I have made the drawings of the three principal dovetailed joints so plain as to render special description almost unnecessary after the remarks already made. The second and third, however, may need a few words, as they differ slightly from that used in the drawer, of which a description has been given, chiefly because the piece in which the dovetails are, is, in this case, as thick as that used for the sockets.

Suppose the dovetails and pins marked out ready to be cut. Take your marking-gauge and set the slide about a quarter of an inch from the point, and run a line across the ends of the two pieces at A B, and at C D, and also at E F. Stop at A B when you cut the sockets, and take care to get the bottoms of these quite square and even. Cut the dovetails or pins as directed in making the drawer, but stop on the lines e f and g h (the latter also to be made with the gauge on both edges of the work), thus the two pieces will, of necessity, fit nicely together, and only a single line will appear a little way from one corner. If all lines are made with gauge and square, this form of dovetail may require neatness and care, but will not be beyond the skill even of a young mechanic. I should indeed advise that every opportunity be taken of joining pieces of wood with tenon or with dovetail, because, after all, these are the chief difficulties to be encountered. If you can square up your work, and make true-fitting joints, there is little in carpentry and joinery that you cannot accomplish.

The third example is worked exactly like the second, but instead of leaving square the pieces projecting beyond the dovetails and pins, these are sloped off or bevelled carefully from the extreme corners down to the pins and sockets. The result is, that when put together, no joint appears, as it is exactly upon the angle. There is no neater or stronger method than this of joining the sides of drawers, boxes, trays, and such like articles. The cabinetmaker employs no other for heavy work; only when it is very light does he make use of a plan, the appearance of which is (when finished) like the last-described, but it is less trouble to make, and less strong, yet sufficiently so for many purposes. This method is called mitring, and is accomplished in the following way.

The wood (let it be for a small tray) is prepared as usual, truly and evenly, and the ends exactly square to the sides. If you use stuff about a quarter or half an inch thick, or even an eighth (the first or last being suitable for such light work), you can make a mitred joint with the help of the gauge alone, but frequently a mitre-board or mitre-box is used, which saves some trouble in measuring and marking. It is well, however, that you should begin with this trouble, and take up the easier method afterwards; especially as it will in this case give you a simple lesson in mathematics, and teach you some of the properties of the figure called a square. Let us commence with this lesson.

A, B, C, D, Fig. 31, is a square; the lines at the opposite sides are parallel,—that is, they are exactly the same distance apart from one end to the other. To make this clear, E and F are given, which are not parallel, for they are further apart at one end than they are at the other. And as A B is parallel to C D, and A C parallel to B D, so A B is perpendicular to B D and to A C, or what we have called square to it, as you would find with your square, which is made, as you know, to prove your work in this respect.

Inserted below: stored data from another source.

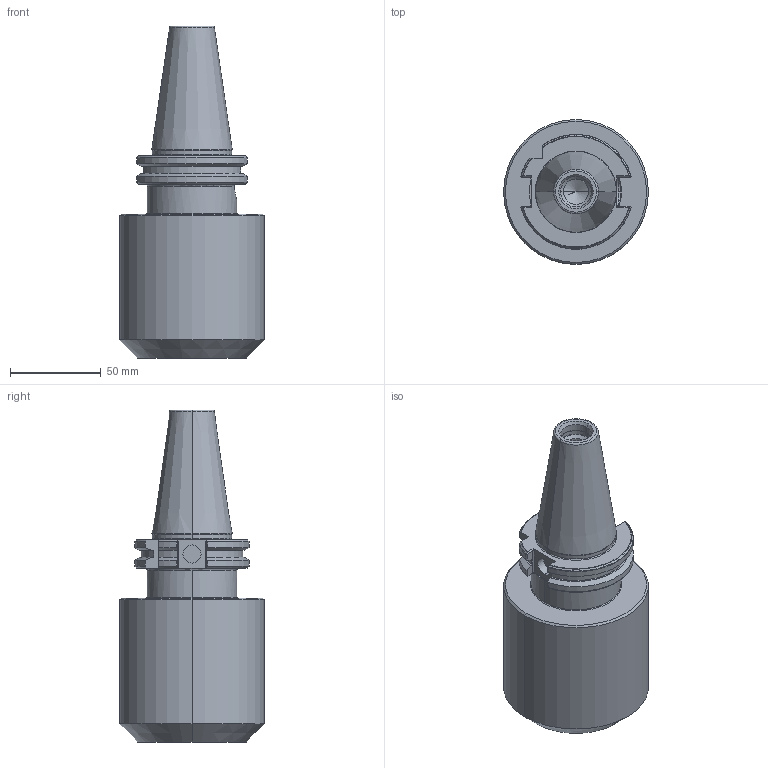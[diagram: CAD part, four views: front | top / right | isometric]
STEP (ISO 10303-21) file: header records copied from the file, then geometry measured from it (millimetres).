
FILE_DESCRIPTION (( 'STEP AP203' ), '1' );
FILE_NAME ('SK40 WN08 050.STEP', '2018-07-13T13:12:44', ( '' ), ( '' ), 'SwSTEP 2.0', 'SolidWorks 2014', '' );
FILE_SCHEMA (( 'CONFIG_CONTROL_DESIGN' ));
Length unit declared in the file: millimetre
Products named in the file (1): SK40 WN08 050
Bounding box: 80 x 80 x 183.4 mm (x, y, z)
Volume: 424971.3 mm3; surface area: 55609.9 mm2
Topology: 1 solids, 1 shells, 118 faces, 299 edges, 186 vertices
Faces by surface type: plane 35, cylinder 31, cone 30, torus 22
Entity records: 3758 total; most frequent: CARTESIAN_POINT 906, ORIENTED_EDGE 594, DIRECTION 575, EDGE_CURVE 297, AXIS2_PLACEMENT_3D 231, VERTEX_POINT 186, EDGE_LOOP 123, ADVANCED_FACE 118

The consequence is, that the angles (or corners) are all alike, and are called right angles. Understand what is meant by angles being the same size or alike. M and H are alike, though the lines of one are a great deal longer than those of the other; but though the lines of K and H are the same length, the angle K is much smaller than that at H.

Fig. 31.

As I have gone a little into this subject, I will go a little further, for it is as well that you should learn all about the sizes of angles, and I only know of one way in which to make the matter clear.

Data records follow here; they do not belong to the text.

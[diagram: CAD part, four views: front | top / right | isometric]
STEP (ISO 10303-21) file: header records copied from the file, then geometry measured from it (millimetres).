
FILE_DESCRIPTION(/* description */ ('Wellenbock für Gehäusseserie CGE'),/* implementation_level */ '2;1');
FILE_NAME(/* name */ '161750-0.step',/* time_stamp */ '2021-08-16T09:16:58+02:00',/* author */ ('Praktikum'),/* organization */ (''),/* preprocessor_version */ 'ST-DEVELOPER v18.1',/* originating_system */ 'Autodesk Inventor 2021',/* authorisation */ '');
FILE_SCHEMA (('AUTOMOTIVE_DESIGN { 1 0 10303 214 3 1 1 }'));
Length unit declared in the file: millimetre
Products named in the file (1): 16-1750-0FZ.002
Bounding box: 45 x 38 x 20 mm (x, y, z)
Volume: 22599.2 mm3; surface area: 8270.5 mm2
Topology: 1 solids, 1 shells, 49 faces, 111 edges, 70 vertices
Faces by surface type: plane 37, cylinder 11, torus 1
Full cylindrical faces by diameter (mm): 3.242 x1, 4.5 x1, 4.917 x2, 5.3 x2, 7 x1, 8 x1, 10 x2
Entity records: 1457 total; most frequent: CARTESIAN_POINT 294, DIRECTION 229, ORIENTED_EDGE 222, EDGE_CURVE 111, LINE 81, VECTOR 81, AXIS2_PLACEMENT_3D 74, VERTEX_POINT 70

Every circle, no matter how small or large, is supposed to be divided into 360 equal parts, called degrees. That large circle which forms the circumference of the earth is considered to be so divided. Now, if we draw lines from all these divisions to the centre, they will meet there, and form a number of equal angles. I have not divided the circle P all round, because it would make so many angles that you could not see them clearly; but I have put 360 at the top, and then 45, which means, that if I had marked all the divisions, there would be 45 up to that point. Then at 45 more I have marked 90, and so on, marking each 45th division, and from these I have drawn lines to the centre of the circle. Now, if you understand me so far, we shall get on famously. Look at the line from 360 to the centre, and that from 90°, and see where they join. This is a right angle, and this is the angle at each corner of a square. At N, I have drawn this separately to make it clear, and you see I have taken a quarter of the circle, or the quadrant, as it is called, of 90°. And you now see that I might extend the lines beyond the circle to any extent, but it would make no difference,—we should still have 90° of a circle, only the circle would be larger, as those which are partly drawn with the dotted lines.